今ドキのキャデラックはじつに繊細で、日本人の感性にも受け入れられるクルマになっている。そんな結論に達する試乗会に参加させていただいた。

内容はこう。GM社のキャデラックブランドの各車を乗り換えながらツーリングし、桜を愛でるという、なんとも優美な試乗企画なのである。

東京都・港区の試乗会場で待っていたのはATS、CTS、CT6の3車種5グレード。東京の都心にいても、街なかでこれだけキャデラックを目にすることはない。なかなかに壮観である。

まずはATS-Vに座り、第1の目的地である関越道の高坂サービスエリアを目指す。このATS-V、5台のなかでもっとも気に入ったモデルだ。もしも「もらえる」というなら間違いなくこれを選ぶ。

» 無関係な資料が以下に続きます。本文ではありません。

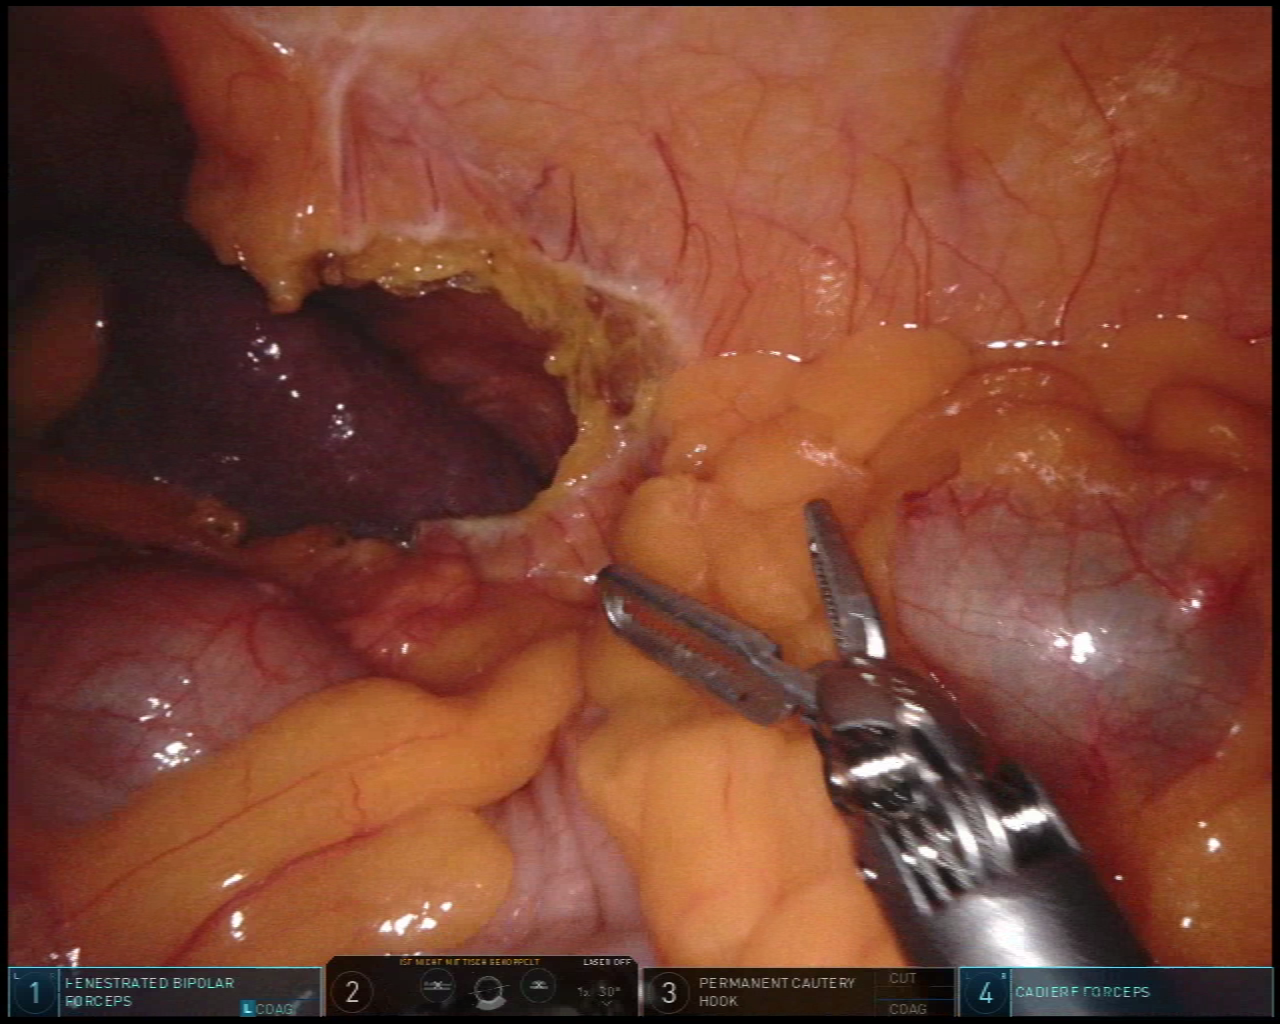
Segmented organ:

先に車種とグレード体系について簡単に説明しておくと、ATSがミドルクラスで、CTSはATSよりも上位に位置、CT6が最上級となるセダンのラインアップだ。ATSのみクーペボディも揃う。ATSとCTSには「V」が付くグレードがあり、これは走行性能を追求したスポーティモデルである。

さて、ATS-Vに話を戻そう。冗談ではなく、駐車場から公道への段差をひとつ乗り越えただけで「これはいい」と感じられるクルマがある。ATS-Vはまさにそれだった。都内を極低速で流しすと、路面のデコボコや段差をしなやかに吸収する。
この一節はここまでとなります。